=== Begin Enclosure ===

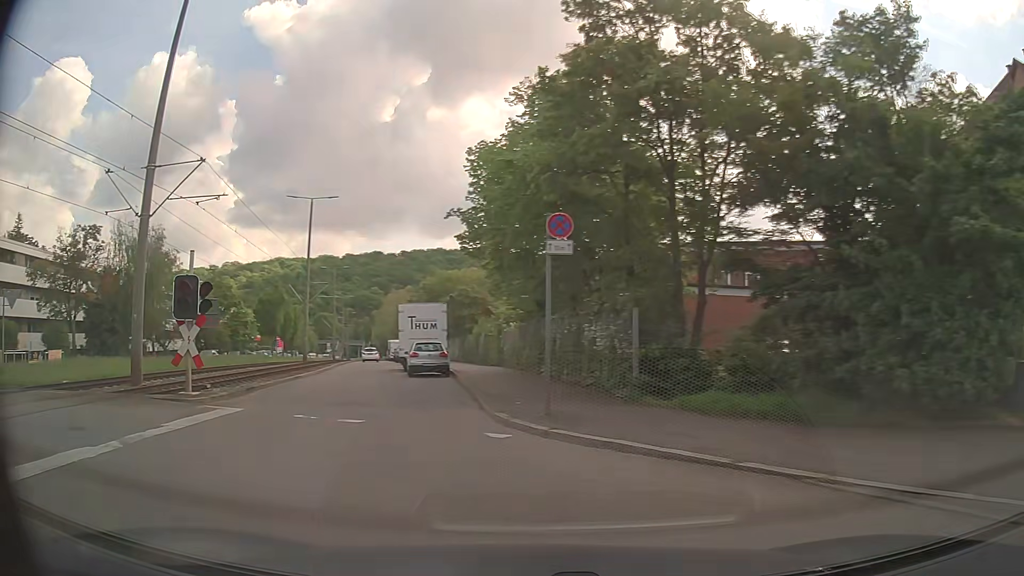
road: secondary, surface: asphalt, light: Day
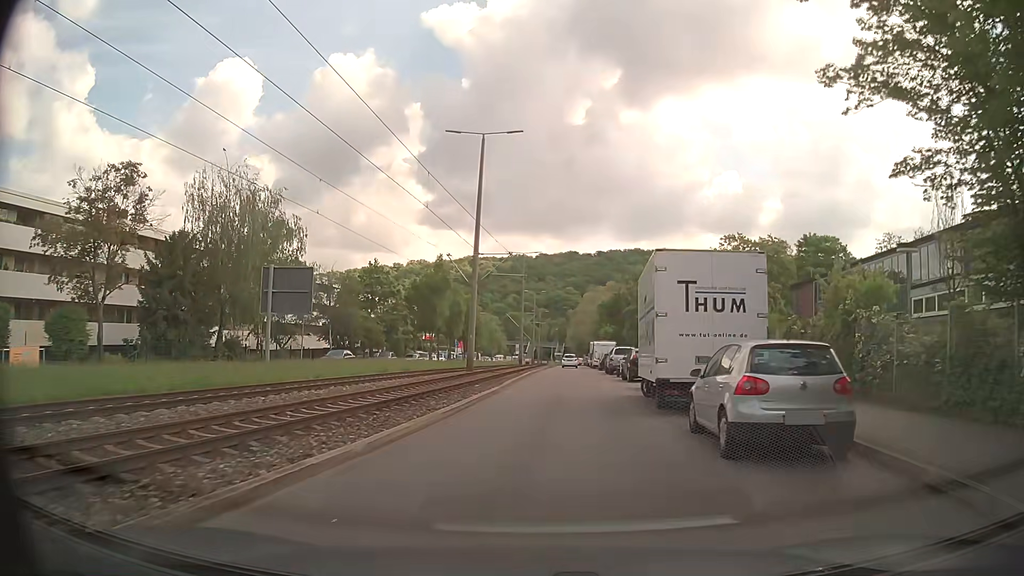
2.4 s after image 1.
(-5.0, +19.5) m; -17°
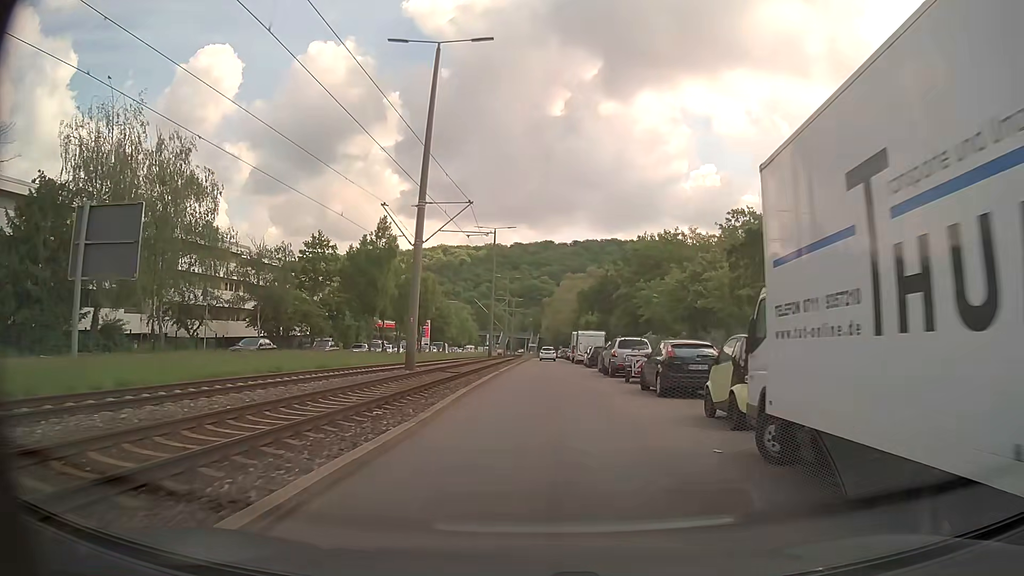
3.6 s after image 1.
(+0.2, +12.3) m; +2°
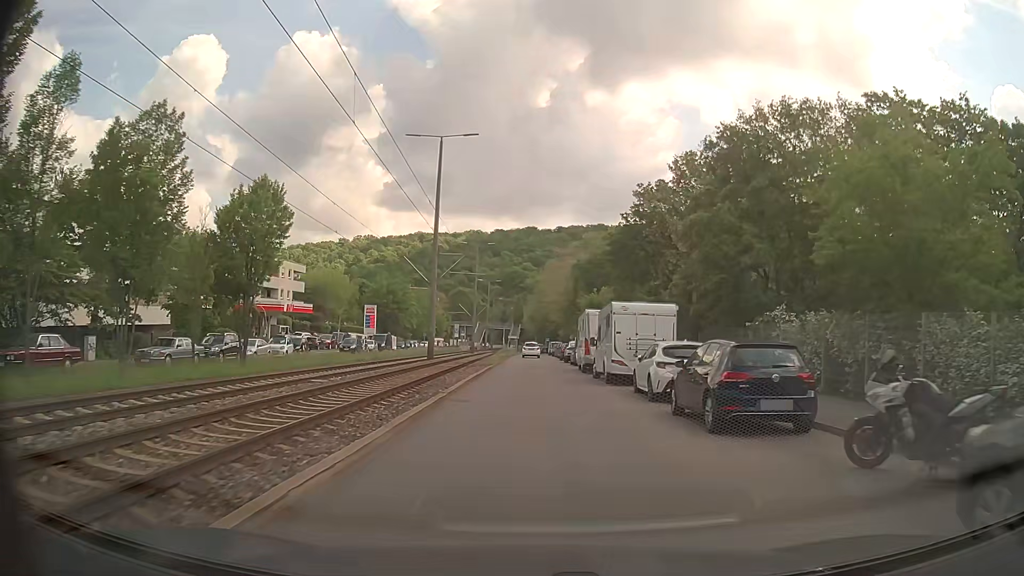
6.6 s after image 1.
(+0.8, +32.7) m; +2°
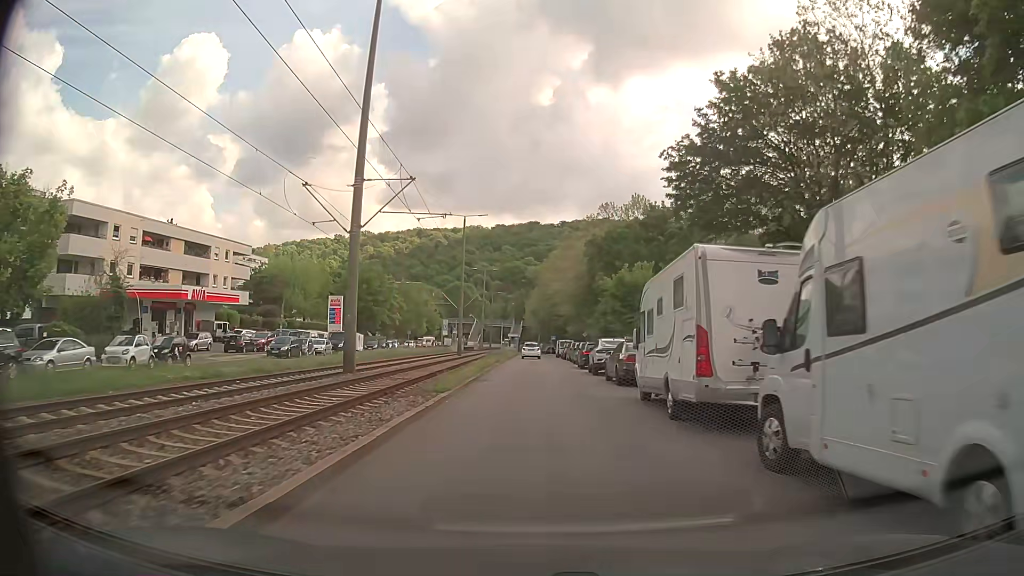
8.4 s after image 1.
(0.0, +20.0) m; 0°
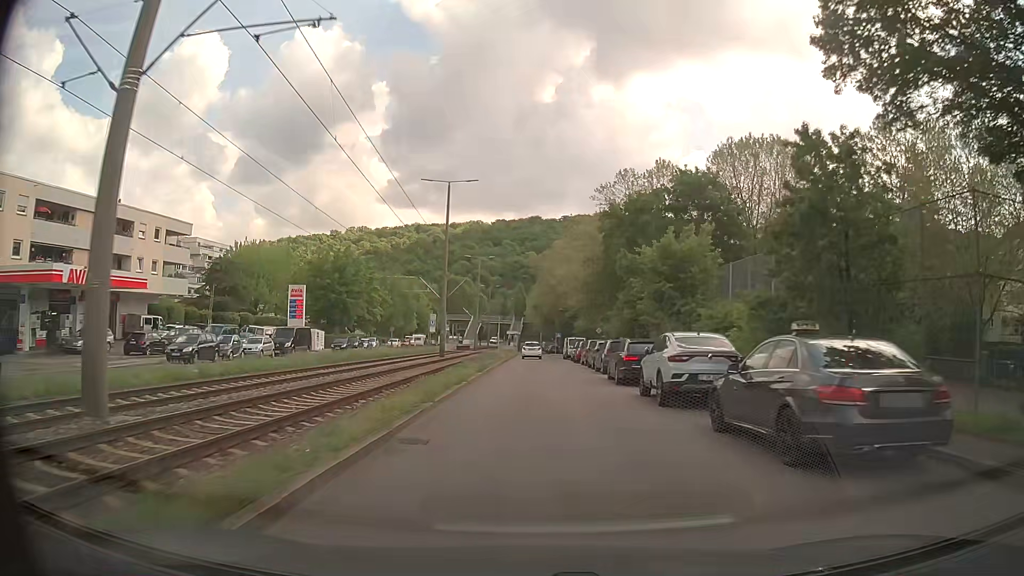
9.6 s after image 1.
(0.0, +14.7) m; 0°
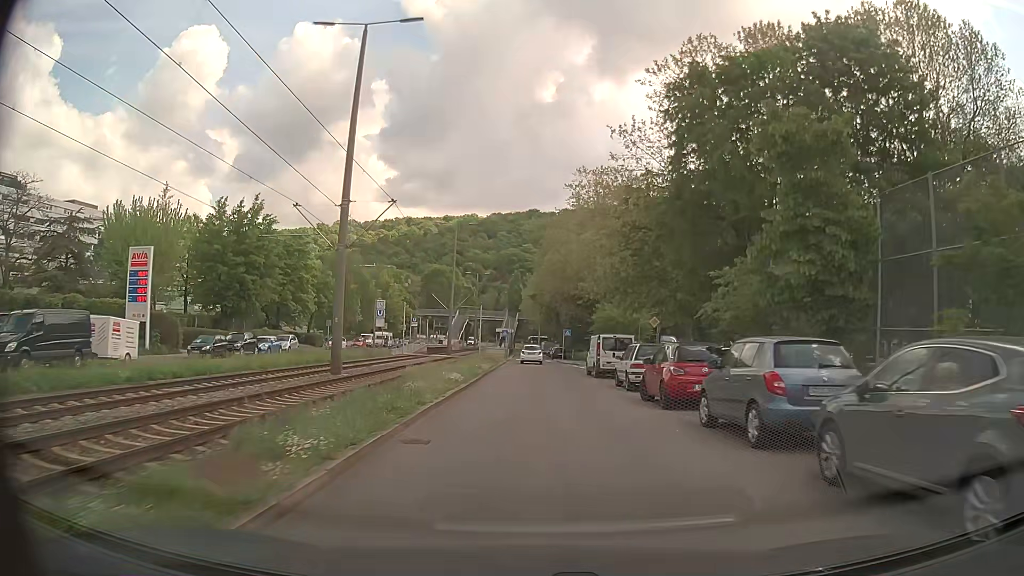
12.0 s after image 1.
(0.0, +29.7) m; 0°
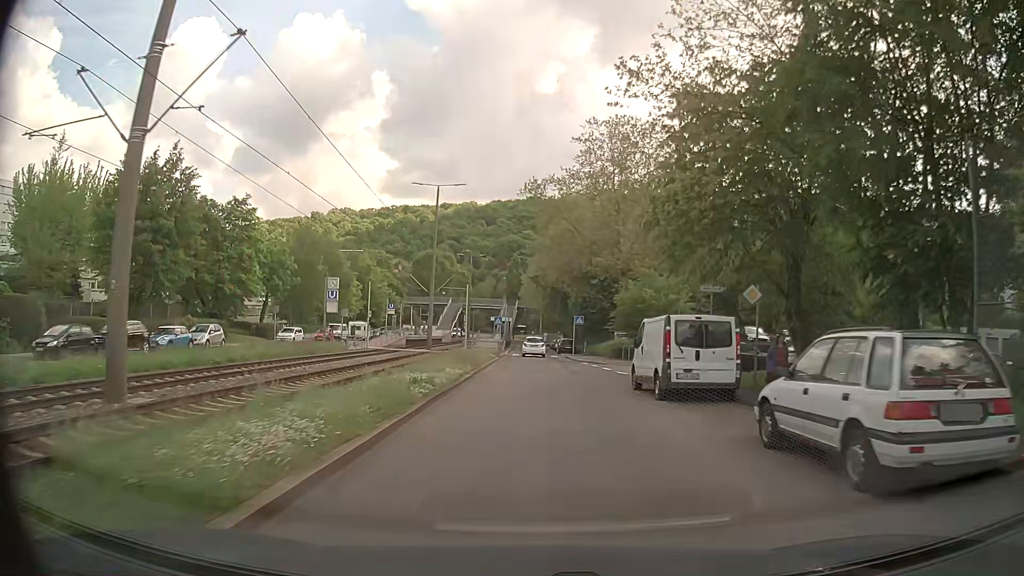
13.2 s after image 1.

=== End Enclosure ===

*What needs to be done:* Output every entry above exactly, minus the pictures.

*Expected answer:*
road: secondary, surface: asphalt, light: Day
2.4 s after image 1.
(-5.0, +19.5) m; -17°
3.6 s after image 1.
(+0.2, +12.3) m; +2°
6.6 s after image 1.
(+0.8, +32.7) m; +2°
8.4 s after image 1.
(0.0, +20.0) m; 0°
9.6 s after image 1.
(0.0, +14.7) m; 0°
12.0 s after image 1.
(0.0, +29.7) m; 0°
13.2 s after image 1.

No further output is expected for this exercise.